Alexandre Rivière est noir. Avec sa compagne, il a une petite fille, Pamina, trois ans. Il n’a pas pu assister à l’accouchement, car il s’est fait contrôler par des policiers le soir de la naissance, ils ont trouvé que son nom sonnait “trop français”, alors ils ont cru que ses papiers étaient faux, et il a passé la nuit au poste, le temps de vérifier tout ça. Alexandre a toujours voulu s’en sortir, mais il a fini par faire des bêtises, en partie parce que la vie ne l’a pas épargné, en lui mettant même plutôt des bâtons dans les roues. Alors Pénélope explique à Pamina que papa est au coin, et qu’il reviendra bientôt.

Pendant ses 107 jours de détention, il écrira 52 lettres à sa femme et sa fille, la peur au ventre de les perdre l’une et l’autre. C’est un livre terrible sur les bugs de notre justice, sur le délit de faciès, une histoire pourtant emplie d’amour et, malgré tout, d’espoir sur l’humain.

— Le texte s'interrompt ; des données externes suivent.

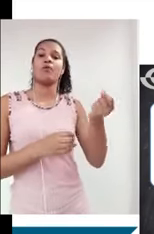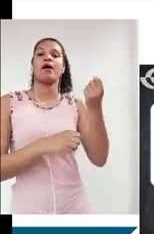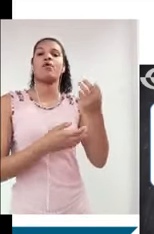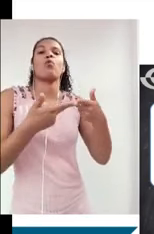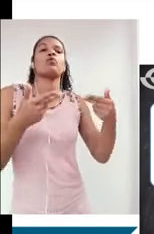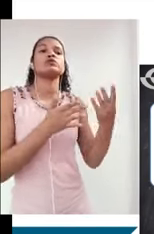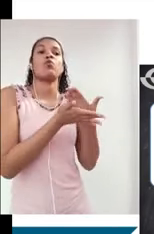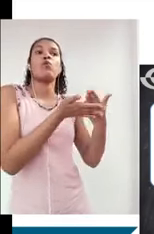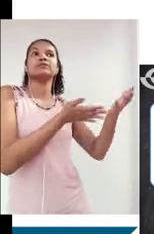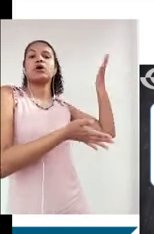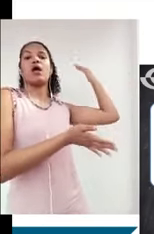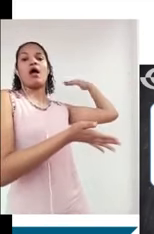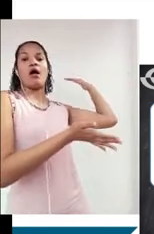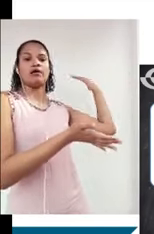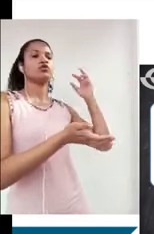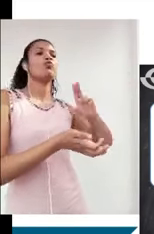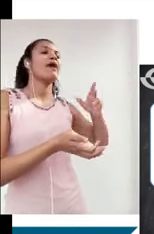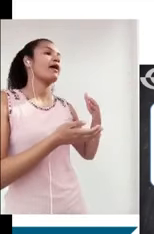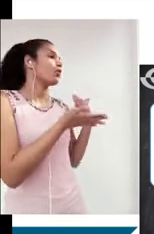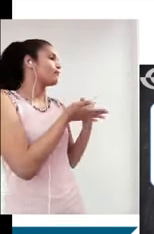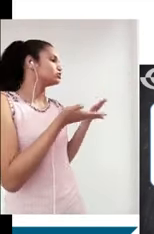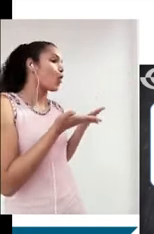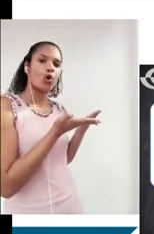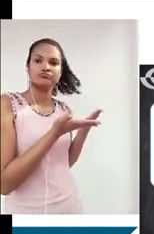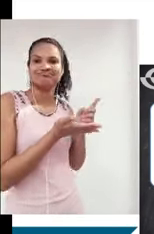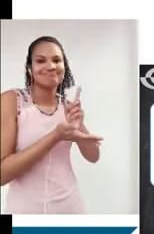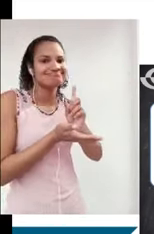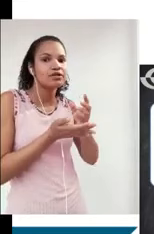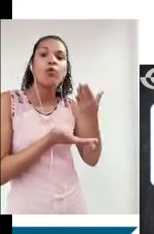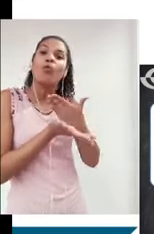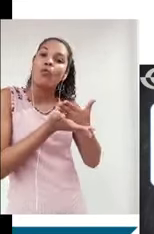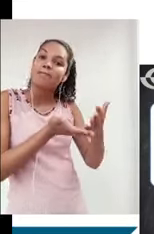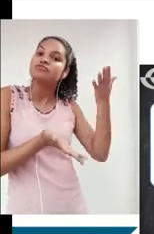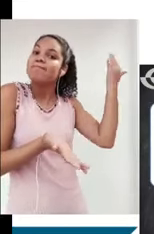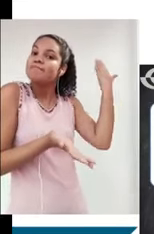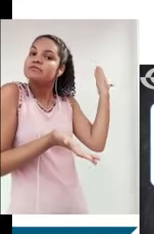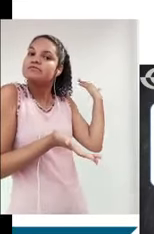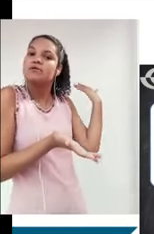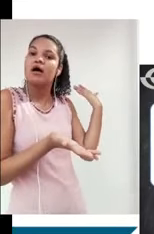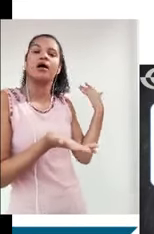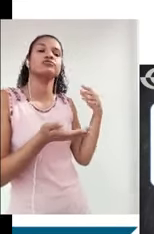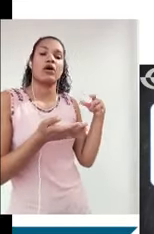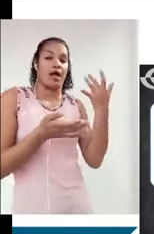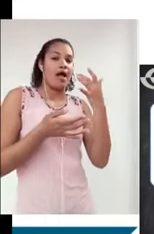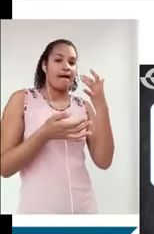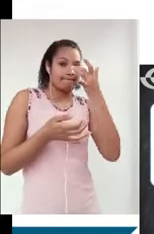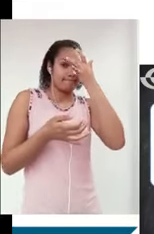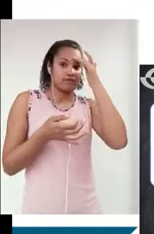questão a pouco, a curto prazo, uma relação pouco significativa. Mas, na verdade, o candidato que abordasse a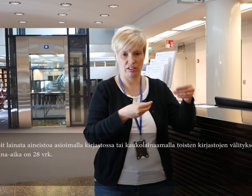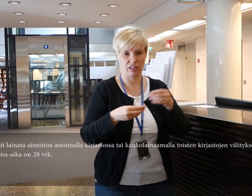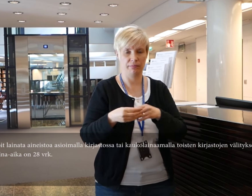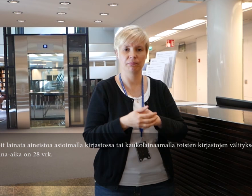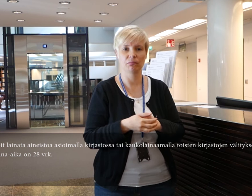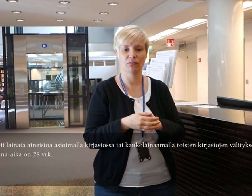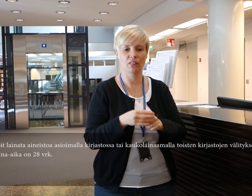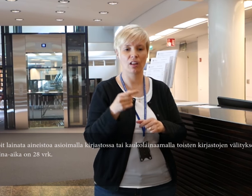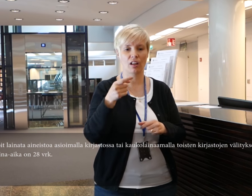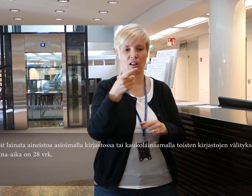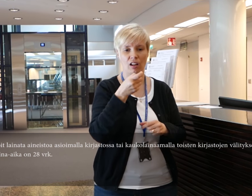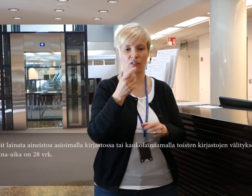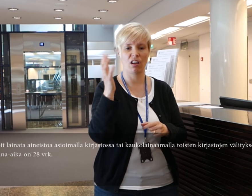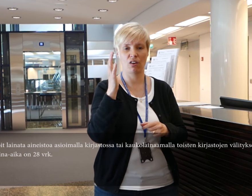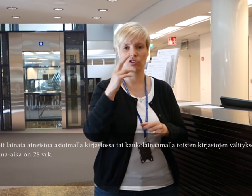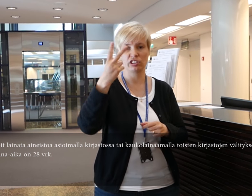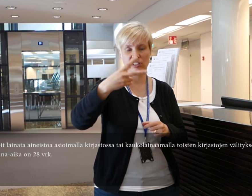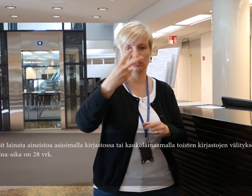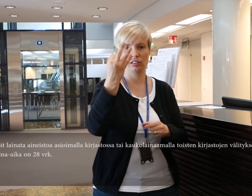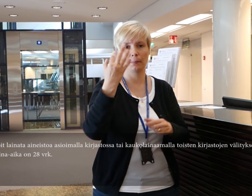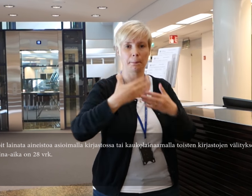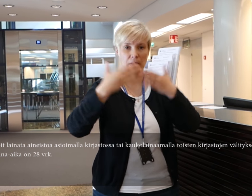Laina-aika on 28 vuorokautta.

Avec ma rationalité de blanche issue de milieu favorisé, j’aimerais affirmer qu’il n’est pas possible que le sort s’acharne ainsi sur une personne sans reproches. On aimerait se persuader, comme les matons, qu’il n’y a pas de fumée sans feu, ce serait beaucoup plus confortable moralement. Mais nous savons tous que la vie peut vriller, pour un détail, et qu’on peut se retrouver rapidement dans un engrenage à la limite de la folie. Les exemples d’injustice cités sont à pleurer.

Il semblerait que la vie d’Alexandre, Pénélope et Pamina se soit apaisée depuis sa sortie de prison. On leur souhaite, comme dans les contes, beaucoup de bonheur.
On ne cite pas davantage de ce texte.